The plans vary in the level of funding from a low of 60 percent funded for the St. Paul teacher's pension to about a 90 percent funding for the corrections employees fund. Many of the pensions had been fully funded in 2000.
The problems stem from payments into the funds that aren't sufficient to pay benefits and faulty assumptions about investment returns. At varying times, fund managers estimated returns in the 8 percent range, but when the Great Recession hit, returns were far, far below that. In fiscal year 2012, the investment return was just 2.4 percent.
The public employee plans for benefits and payments can only be adjusted by the Legislature and when the funds went south four years ago the Legislature adjusted the plan in 2010. The plans have been shored up to some extent since that time, but that progress is not much to be proud of given some of the biggest general plans are still only 75 to 80 percent funded.

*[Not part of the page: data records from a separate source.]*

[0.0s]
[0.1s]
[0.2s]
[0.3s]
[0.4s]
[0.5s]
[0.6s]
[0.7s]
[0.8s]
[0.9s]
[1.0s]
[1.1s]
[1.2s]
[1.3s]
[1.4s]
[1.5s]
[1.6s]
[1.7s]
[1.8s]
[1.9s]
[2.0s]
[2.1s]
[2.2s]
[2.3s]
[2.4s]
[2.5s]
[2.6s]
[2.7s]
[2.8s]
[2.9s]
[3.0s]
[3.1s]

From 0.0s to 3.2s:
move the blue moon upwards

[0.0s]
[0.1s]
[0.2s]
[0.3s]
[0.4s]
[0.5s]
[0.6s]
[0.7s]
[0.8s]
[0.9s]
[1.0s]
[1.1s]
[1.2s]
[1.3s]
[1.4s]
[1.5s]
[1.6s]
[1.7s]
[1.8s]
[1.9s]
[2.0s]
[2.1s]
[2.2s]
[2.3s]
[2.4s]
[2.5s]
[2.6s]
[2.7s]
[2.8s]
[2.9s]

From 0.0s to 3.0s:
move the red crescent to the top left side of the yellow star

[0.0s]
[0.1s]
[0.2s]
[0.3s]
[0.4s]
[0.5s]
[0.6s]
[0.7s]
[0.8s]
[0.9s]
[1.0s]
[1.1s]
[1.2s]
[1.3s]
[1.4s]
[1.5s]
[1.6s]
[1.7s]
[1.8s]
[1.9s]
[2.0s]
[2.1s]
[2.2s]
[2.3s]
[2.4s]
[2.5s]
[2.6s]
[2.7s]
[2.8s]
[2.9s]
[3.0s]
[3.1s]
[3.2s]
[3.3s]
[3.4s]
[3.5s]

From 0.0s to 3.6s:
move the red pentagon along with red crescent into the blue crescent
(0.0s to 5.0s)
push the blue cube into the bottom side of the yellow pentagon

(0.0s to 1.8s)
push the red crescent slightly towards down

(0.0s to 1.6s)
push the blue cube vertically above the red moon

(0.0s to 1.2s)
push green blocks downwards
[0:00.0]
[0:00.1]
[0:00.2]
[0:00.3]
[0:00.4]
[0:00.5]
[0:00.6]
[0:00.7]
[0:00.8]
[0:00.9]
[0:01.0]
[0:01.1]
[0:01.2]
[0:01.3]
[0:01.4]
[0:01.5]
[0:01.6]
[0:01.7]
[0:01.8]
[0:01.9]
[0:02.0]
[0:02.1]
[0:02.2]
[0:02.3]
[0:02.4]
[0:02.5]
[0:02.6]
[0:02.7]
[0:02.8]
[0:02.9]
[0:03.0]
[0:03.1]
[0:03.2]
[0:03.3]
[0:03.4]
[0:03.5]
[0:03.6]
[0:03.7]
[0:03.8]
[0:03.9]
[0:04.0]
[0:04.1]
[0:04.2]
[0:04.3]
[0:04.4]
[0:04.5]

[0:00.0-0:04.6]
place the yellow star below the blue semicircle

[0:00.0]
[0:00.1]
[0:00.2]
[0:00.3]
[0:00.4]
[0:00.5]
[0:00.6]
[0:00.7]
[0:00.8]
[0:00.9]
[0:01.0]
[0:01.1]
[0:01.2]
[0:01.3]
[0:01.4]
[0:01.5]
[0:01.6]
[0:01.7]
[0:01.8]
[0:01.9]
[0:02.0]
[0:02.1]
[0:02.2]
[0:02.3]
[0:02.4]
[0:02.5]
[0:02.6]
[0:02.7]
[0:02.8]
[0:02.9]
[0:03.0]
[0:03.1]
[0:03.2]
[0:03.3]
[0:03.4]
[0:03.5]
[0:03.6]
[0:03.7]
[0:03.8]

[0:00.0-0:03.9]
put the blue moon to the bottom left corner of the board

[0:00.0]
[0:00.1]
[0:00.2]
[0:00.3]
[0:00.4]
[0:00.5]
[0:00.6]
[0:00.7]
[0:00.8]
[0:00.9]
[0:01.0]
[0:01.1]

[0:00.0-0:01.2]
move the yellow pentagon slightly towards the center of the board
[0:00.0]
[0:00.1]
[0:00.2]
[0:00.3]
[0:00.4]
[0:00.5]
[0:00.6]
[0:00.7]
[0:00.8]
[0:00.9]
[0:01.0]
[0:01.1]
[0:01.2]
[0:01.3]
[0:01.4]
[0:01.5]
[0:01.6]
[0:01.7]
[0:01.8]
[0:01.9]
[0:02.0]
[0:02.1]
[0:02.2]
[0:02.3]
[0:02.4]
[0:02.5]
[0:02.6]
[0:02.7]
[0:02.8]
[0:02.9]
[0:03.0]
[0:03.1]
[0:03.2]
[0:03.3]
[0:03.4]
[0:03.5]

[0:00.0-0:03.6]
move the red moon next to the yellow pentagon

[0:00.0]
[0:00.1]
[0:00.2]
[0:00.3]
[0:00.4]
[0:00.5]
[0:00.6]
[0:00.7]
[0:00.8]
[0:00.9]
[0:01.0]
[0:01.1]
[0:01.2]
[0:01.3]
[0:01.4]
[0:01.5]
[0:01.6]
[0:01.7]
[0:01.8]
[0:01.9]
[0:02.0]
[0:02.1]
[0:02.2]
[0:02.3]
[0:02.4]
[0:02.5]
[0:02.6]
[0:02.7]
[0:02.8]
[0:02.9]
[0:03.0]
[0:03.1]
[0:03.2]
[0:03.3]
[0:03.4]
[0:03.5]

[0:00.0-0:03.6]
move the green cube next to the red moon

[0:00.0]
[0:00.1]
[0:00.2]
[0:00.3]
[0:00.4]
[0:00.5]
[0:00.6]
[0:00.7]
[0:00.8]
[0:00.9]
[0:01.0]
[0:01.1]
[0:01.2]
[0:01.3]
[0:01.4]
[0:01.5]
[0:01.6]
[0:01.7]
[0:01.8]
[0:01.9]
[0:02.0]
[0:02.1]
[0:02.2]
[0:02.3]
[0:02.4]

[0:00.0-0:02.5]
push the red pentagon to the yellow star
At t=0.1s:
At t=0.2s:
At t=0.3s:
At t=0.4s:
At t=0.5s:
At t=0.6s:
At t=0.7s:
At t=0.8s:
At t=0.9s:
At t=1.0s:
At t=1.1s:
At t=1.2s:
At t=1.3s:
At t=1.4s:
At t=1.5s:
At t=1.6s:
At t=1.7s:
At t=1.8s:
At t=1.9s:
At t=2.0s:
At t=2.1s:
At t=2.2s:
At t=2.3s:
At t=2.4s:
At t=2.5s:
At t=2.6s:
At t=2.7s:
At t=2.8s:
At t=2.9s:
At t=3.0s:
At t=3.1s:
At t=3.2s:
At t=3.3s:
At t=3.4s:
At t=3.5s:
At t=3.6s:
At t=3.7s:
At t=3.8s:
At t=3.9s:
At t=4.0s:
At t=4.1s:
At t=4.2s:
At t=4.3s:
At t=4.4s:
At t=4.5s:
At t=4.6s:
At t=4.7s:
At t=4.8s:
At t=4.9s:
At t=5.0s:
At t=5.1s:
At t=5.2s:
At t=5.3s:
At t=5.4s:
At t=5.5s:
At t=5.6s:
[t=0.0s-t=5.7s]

The changes required employees and employers to pay more into the funds. Critics like Mark Haveman, executive director of the nonpartisan Minnesota Center for Fiscal Excellence, claims even those fixes do not put the funds on a track to be fully funded in 30 years.
There should be no real debate about when to begin fixing this problem. We should start fixing it now.
It would be imprudent to wait for the stock market to provide higher returns. That's always a possibility, but in these uncertain economic times the state should not wait for Wall Street to behave more positively.
An investment return estimate in the 8 percent range per year is unrealistic. Those who would argue for waiting for the market to get better point to an average return of 9.9 percent since 1980. That's ancient history in the life of the stock market.
Other argue that requiring employees to pay in more or reduce benefits to retirees would be breaking some sort of social contract. Others argue requiring governments to pay more may cause taxes to go up and spending to be cut.
We may have to invoke all of the above solutions.
Clearly, there will be tough choices. But the choices will be tougher if we wait years to make them.